Es una verdad que a través del tiempo y las experiencias se confirma que cuando sufrimos, hay una parte de nosotros que quisiera que la vida de todos se detuviera como la nuestra lo ha hecho. No puedes entender que las actividades y rutina de los otros continúen mientras que la tuya se ha detenido de manera brusca. 

Desde la ventana de un hospital pueden verse los autos pasar, bocinas sonar y sin embargo tu vida transita a otro ritmo. Lo interior se vuelve mucho más importante que los acontecimientos externos y nos cuesta creer la indiferencia y frialdad con la que algunos parecen ni siquiera darse cuenta, que estamos sufriendo.

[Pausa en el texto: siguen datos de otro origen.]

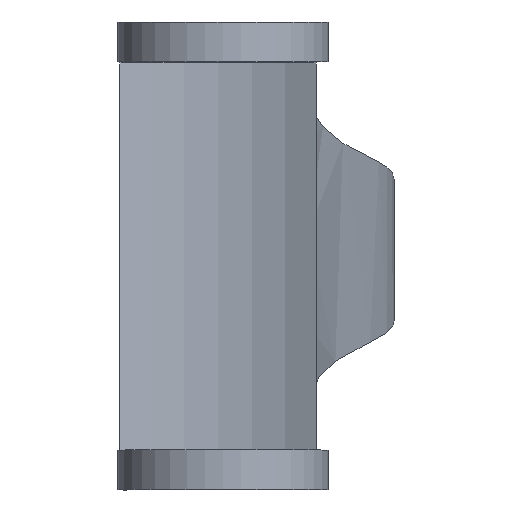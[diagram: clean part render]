
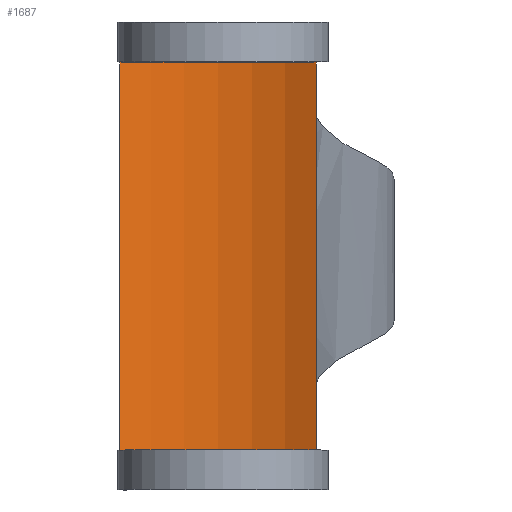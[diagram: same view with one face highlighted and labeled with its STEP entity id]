
A CAD part, top view. The second image highlights one B-rep face of the part: STEP entity #1687.
In plain terms, the highlighted cylindrical face has radius 15.5 mm (diameter 31 mm), a partial arc.
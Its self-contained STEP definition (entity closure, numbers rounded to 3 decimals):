
#80 = CARTESIAN_POINT ( 'NONE',  ( 2.594, 225.982, -7.815 ) ) ;
#81 = CARTESIAN_POINT ( 'NONE',  ( -4.877, 235.815, 5.766 ) ) ;
#91 = CARTESIAN_POINT ( 'NONE',  ( -12.343, 206.315, -7.817 ) ) ;
#190 = B_SPLINE_CURVE_WITH_KNOTS ( 'NONE', 3,
 ( #1482, #80, #1514, #207 ),
 .UNSPECIFIED., .F., .F.,
 ( 4, 4 ),
 ( -2.95, 0. ),
 .UNSPECIFIED. ) ;
#207 = CARTESIAN_POINT ( 'NONE',  ( 2.594, 206.315, -7.815 ) ) ;
#291 = VERTEX_POINT ( 'NONE', #1067 ) ;
#319 = CIRCLE ( 'NONE', #1353, 15.5 ) ;
#527 = CARTESIAN_POINT ( 'NONE',  ( 2.594, 206.315, -7.815 ) ) ;
#547 = ORIENTED_EDGE ( 'NONE', *, *, #1376, .F. ) ;
#586 = B_SPLINE_CURVE_WITH_KNOTS ( 'NONE', 3,
 ( #91, #654, #1063, #809 ),
 .UNSPECIFIED., .F., .F.,
 ( 4, 4 ),
 ( -2.95, 0. ),
 .UNSPECIFIED. ) ;
#643 = ORIENTED_EDGE ( 'NONE', *, *, #1427, .T. ) ;
#654 = CARTESIAN_POINT ( 'NONE',  ( -12.343, 216.148, -7.817 ) ) ;
#782 = CYLINDRICAL_SURFACE ( 'NONE', #1686, 15.5 ) ;
#809 = CARTESIAN_POINT ( 'NONE',  ( -12.343, 235.815, -7.817 ) ) ;
#891 = EDGE_CURVE ( 'NONE', #1390, #1680, #1383, .T. ) ;
#893 = EDGE_CURVE ( 'NONE', #1680, #1371, #190, .T. ) ;
#901 = CARTESIAN_POINT ( 'NONE',  ( -4.877, 235.815, 5.766 ) ) ;
#941 = DIRECTION ( 'NONE',  ( -1., 0., 0. ) ) ;
#968 = EDGE_LOOP ( 'NONE', ( #547, #643, #1263, #1812 ) ) ;
#1061 = DIRECTION ( 'NONE',  ( 0., -1., 0. ) ) ;
#1063 = CARTESIAN_POINT ( 'NONE',  ( -12.343, 225.982, -7.817 ) ) ;
#1067 = CARTESIAN_POINT ( 'NONE',  ( -12.343, 206.315, -7.817 ) ) ;
#1069 = CARTESIAN_POINT ( 'NONE',  ( 2.594, 235.815, -7.815 ) ) ;
#1076 = DIRECTION ( 'NONE',  ( -1., 0., 0. ) ) ;
#1080 = CARTESIAN_POINT ( 'NONE',  ( -12.343, 235.815, -7.817 ) ) ;
#1192 = DIRECTION ( 'NONE',  ( 0., -1., 0. ) ) ;
#1199 = DIRECTION ( 'NONE',  ( 0., -1., 0. ) ) ;
#1263 = ORIENTED_EDGE ( 'NONE', *, *, #893, .F. ) ;
#1353 = AXIS2_PLACEMENT_3D ( 'NONE', #1666, #1192, #1771 ) ;
#1371 = VERTEX_POINT ( 'NONE', #527 ) ;
#1376 = EDGE_CURVE ( 'NONE', #291, #1390, #586, .T. ) ;
#1383 = CIRCLE ( 'NONE', #1834, 15.5 ) ;
#1390 = VERTEX_POINT ( 'NONE', #1080 ) ;
#1427 = EDGE_CURVE ( 'NONE', #291, #1371, #319, .T. ) ;
#1482 = CARTESIAN_POINT ( 'NONE',  ( 2.594, 235.815, -7.815 ) ) ;
#1514 = CARTESIAN_POINT ( 'NONE',  ( 2.594, 216.148, -7.815 ) ) ;
#1655 = FACE_OUTER_BOUND ( 'NONE', #968, .T. ) ;
#1666 = CARTESIAN_POINT ( 'NONE',  ( -4.877, 206.315, 5.766 ) ) ;
#1680 = VERTEX_POINT ( 'NONE', #1069 ) ;
#1686 = AXIS2_PLACEMENT_3D ( 'NONE', #81, #1061, #941 ) ;
#1687 = ADVANCED_FACE ( 'NONE', ( #1655 ), #782, .F. ) ;
#1771 = DIRECTION ( 'NONE',  ( -1., 0., 0. ) ) ;
#1812 = ORIENTED_EDGE ( 'NONE', *, *, #891, .F. ) ;
#1834 = AXIS2_PLACEMENT_3D ( 'NONE', #901, #1199, #1076 ) ;

Así es el dolor de la pérdida, una invasión bárbara en tu vida que te desorganiza y enoja hasta el tuétano de tu existencia. Lo reconozcamos o no, nos afecta la felicidad de los demás, nos preguntamos ¿por qué yo y por qué no ellos? 

Esto no nos convierte en un monstruo ni en una mala persona, porque encima de sufrir, además nos juzgamos a nosotros mismos y sentimos culpa por estos sentimientos normales bajo las circunstancias, que se gestan en nuestro interior.

Al transitar el duelo descubriremos que la envidia que hemos sentido ( no hay otra palabra para llamarla) por la bonanza o felicidad ajena, ha vuelto a abandonar nuestra mente, ahora su lugar lo ocupa mayor empatía y sabiduría emocional. 

Resulta que entendemos a los que sufren o transitan un dolor justamente porque ya hemos estado ahí. La pérdida nos pone un escalón más arriba que el resto pero no para mirarlos hacia abajo sino para ayudarlos a subir. 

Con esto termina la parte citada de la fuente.